In case you've never heard of John Robbins, I'll take this opportunity to point out that Baskin + Robbins = Baskin Robbins. St...

The Food Revolution by John Robbins


In case you've never heard of John Robbins, I'll take this opportunity to point out that Baskin + Robbins = Baskin Robbins.

Strange author for a book largely advocating a vegan diet, but perhaps all the more compelling. And this book certainly was compelling, if a little condescending.

The book is all about food, and specifically warns of the dangers associated with animal products. It's broken down into four sections. 

The first talks about health. I found this to be the most compelling section of the book, and it has helped me think of my body as a dynamic system critically linked to the food I eat. I am what I eat.

The second section touches on factory farming. It's relatively graphic, and I had a hard time reading this section. I've also had a harder time eating animal products since reading this section, which I suppose is the point.

The third section explains why eating animal products is detrimental to the environment. I found this to be the least compelling section of the book, particularly following the first two sections. However, we already eat relatively few animal products, and do a lot to minimize our environmental impact (like biking instead of driving!). If you're new to the idea of vegetarianism, this would be a great place to start.

The fourth section discusses genetically modified foods, particularly relevant given the push to label GMOs in California. I feel much more informed and passionate about the issue after reading this chapter, although I'm not sure what action I'm prepared to take.

When I finished the book, I was convinced I'd be vegan within the month. After taking a step back, reading some counter arguments, and developing my own opinions, it's unlikely. However, the book certainly increased my appreciation for our local farmers market, and made the price increase for cage free eggs and organic milk seem negligible.

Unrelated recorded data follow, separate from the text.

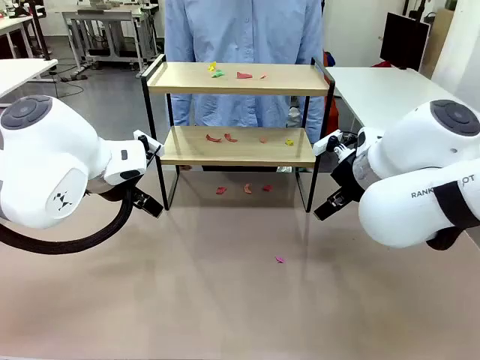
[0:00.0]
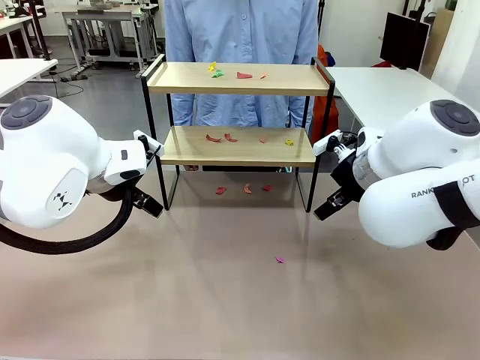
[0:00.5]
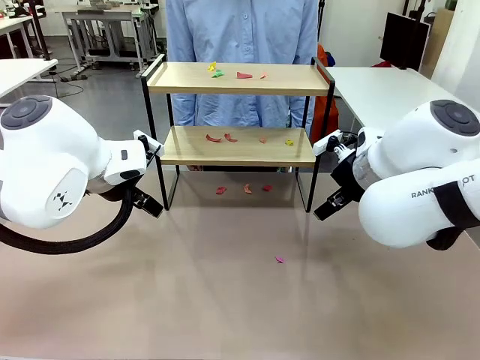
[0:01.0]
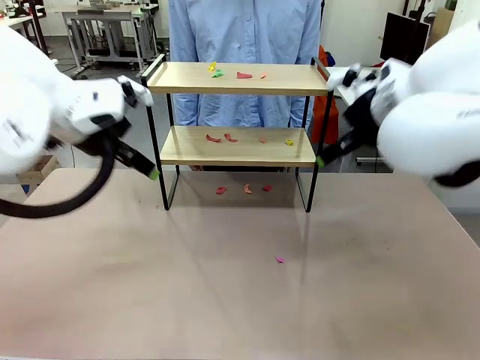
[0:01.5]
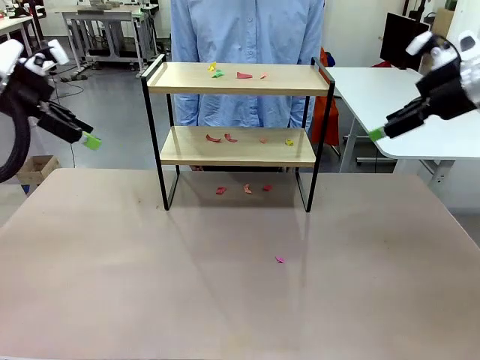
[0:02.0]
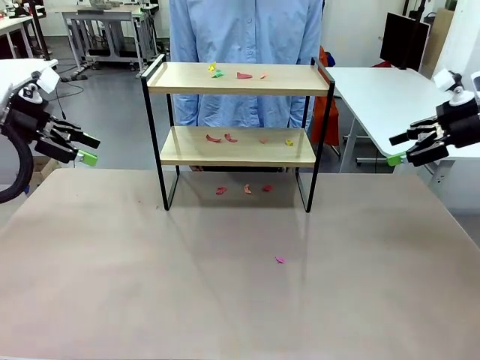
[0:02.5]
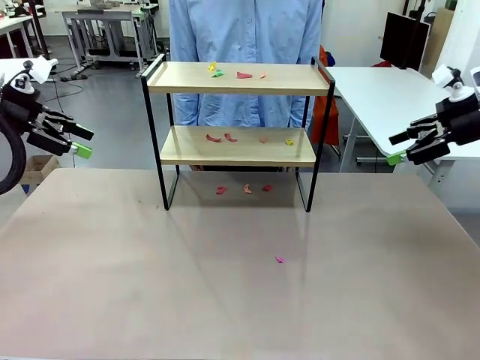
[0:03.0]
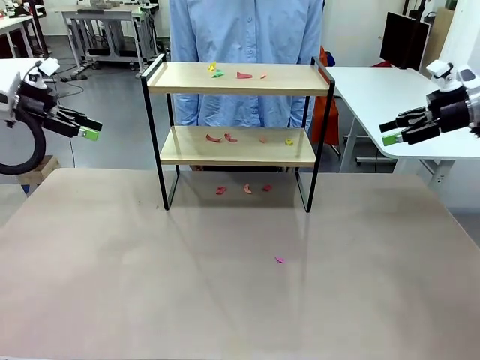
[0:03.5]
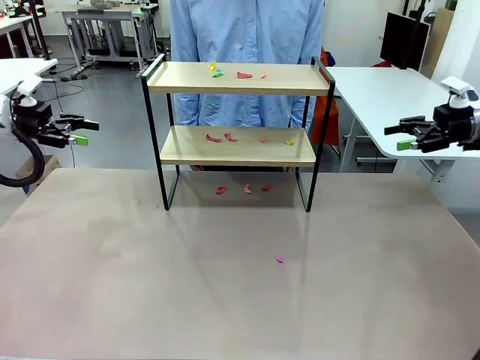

My advice? If you're looking for an excuse to change your diet majorly, or in the process of learning about your food and factory farming, read this book. If you're just looking to get behind Meatless Monday, I'm guessing Michael Pollan would be a friendlier starting place. 

The Food Revolution asks very forcefully for some very major dietary changes. It takes a strong will and lots of research to preserve your sense of dietary identity. And in the end, you have to be comfortable with what you're eating, not John Robbins.

Coincidentally, John Robbins spoke at an event just outside Cafe Gratitude the day we were in Monterey. Had I known beforehand, I may have planned our day a little differently!